Поделиться892018-06-09 17:17:19
На шее, скорее всего, остались следы, но Василе это не волновало – он ждал, что вот сейчас Алькано уберет руку и даст долгожданную свободу. Хотелось запустить пальцы в белую гриву его волос, сжать пряди до боли, оттянуть и самому приникнуть к шее сенсея – поцелуями ли, укусами?
Пока Алькано на удивление бережно вытирал его лицо, Василе казалось, что у него сейчас дым пойдет из ушей. Он не понимал, зачем этот балет. Ладно был бы девкой, с ними понятно – всегда так, бережно, аккуратно, нежно, даже если торопишься и в общем-то, пофиг на нее в перспективе. Но с барышней почти голого акулу пера перепутать было сложно.
«Давай уже!» - думал он, облизывая пересохшие губы. На вопрос Алькано Василе в тот же миг кивнул. Слишком поспешно, слишком резко. Потемневшие глаза голодно блестели. – «Ну!»
- Че? – Поверить в облом оказалось трудно. Так трудно, что носитель правды даже не сопротивлялся, пока его запястья стягивали узлами. Тело само вздрагивало под поцелуями Алькано, дыхание срывалось в хрипы, но в ушах стоял треск простыни.
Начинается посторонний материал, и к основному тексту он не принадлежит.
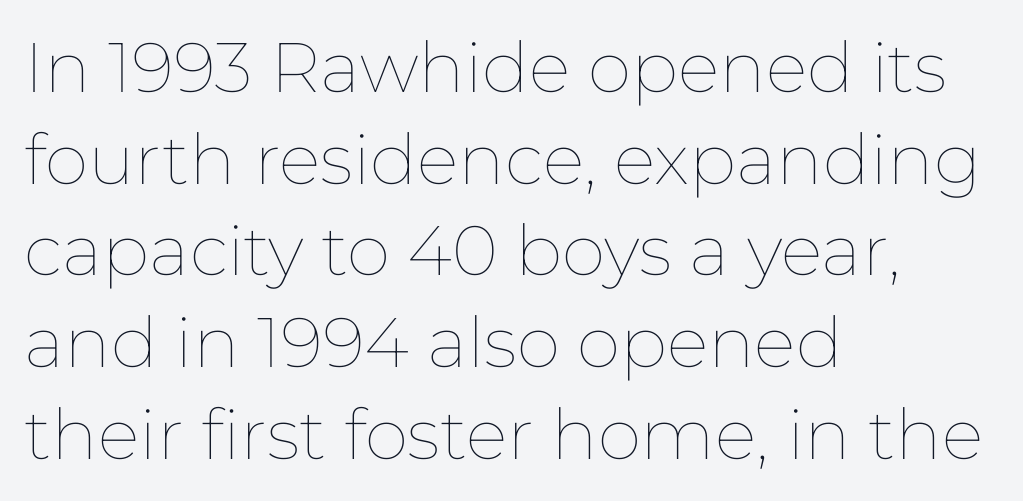
Bare-footed words on every line. Each letter keeps its own natural width here, so spacing adapts to shape. No letter is thick-stroked: the sample isn't bold. Students, observe: this is what conventionally led text looks like. Typeset ragged right — the left edge is the straight one.

«Умом он поехал?» - думал Василе, запрокидывая голову, чтобы разглядеть узлы. – «Че за игры-то такие?»
- Извращенец… - Прошептал он, сообразив, что выпутаться из обвязки запросто не получится. Конечно, была возможность порвать ткань, все же простынь - тряпка, не веревка, но боли будет немерено, да и узлы потом разве что ножом срезать. И сейчас-то, от пробного рывка, тянущая боль прошла по рукам.
Качнув головой, Василе выдохнул. На миг прикрыл глаза, собираясь с мыслями, что было непросто. А потом посмотрел на Алькано темным, голодным взглядом, пытаясь придать лицу просящее выражение.
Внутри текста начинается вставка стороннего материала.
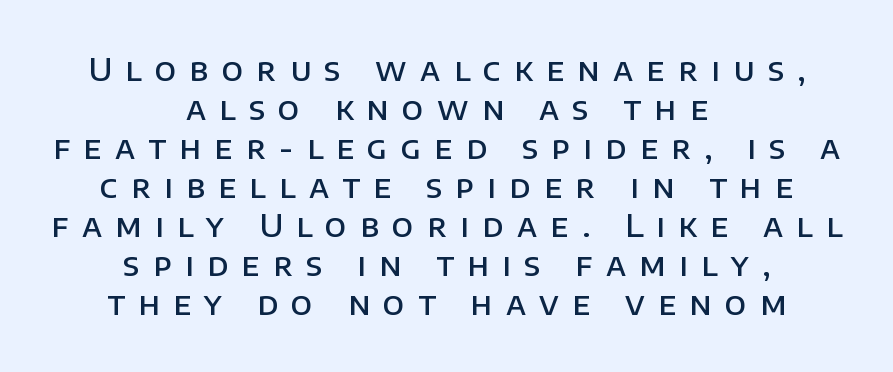
{"serif": "no", "italic": "no", "bold": "semi", "weight": "semibold", "width": "normal", "stroke_contrast": "low", "x_height": "large", "monospaced": "no", "underline": "no", "align": "center", "line_spacing": "normal", "line_spacing_ratio": 1.26, "letter_spacing": "wide", "letter_spacing_em": 0.43, "glyph_px": 31}

- Развяжи, а? – Прошептал он, заставляя себя расслабиться под обвязкой. – Я же не вру. Зачем мне сбегать? Ну, пожалуйста, Алькано…
Не удержавшись, акула пера облизнулся: медленно, самым кончиком языка.
- Или… боишься?
Отредактировано Василе Ецко (2018-06-09 19:27:34)
Поделиться902018-06-09 18:46:10
- Именно, - сказал Алькано, выдохнув горячий воздух на щеку Василе.
Извращенец, любящий боль и контроль. На грани, на рубеже. Пока это приятно и сводит с ума. Пока терпимо. Пусть кожа трепещет от ссадин из-за сжавших ее веревок. И во рту становится солоно и одновременно сладко.
Он проследил взглядом за медленно движущимся языком юноши, красным клубничным кончиком мелькнувшим между губ. Звуки... Звуки...
Де Гранде снова поцеловал Василе, наказание для непослушного мальчика кончилось. Вопрос доверия... для тех, кто знает друг друга всего несколько дней. И для тех, кого объединяет аромат спелых ягод.
Вновь треск. Алькано оторвал от простыни еще одну полоску, а потом еще. Теперь его руки были свободны. И они уничтожали белое покрывало, а гусиный пух взлетал от каждого волнения воздуха.
- Тссс... - принц улыбнулся, вставляя в рот Василе повязку.
Ткань прижала губы, укусила нежные уголки рта. Алькано пришлось приподнял юношу, чтобы завязать кляп сзади.
Другая полоска, шире предыдущей, проскользнула между пальцев правой руки принца. Он намеренно показывал ее Ликэ.
- Отдайся своим ощущениям, только они не обманут.
Алькано завязал Василе глаза, вновь и вновь целуя в губы, как будто успокаивая.
Доверие... Но был ли теперь у мальчика выбор?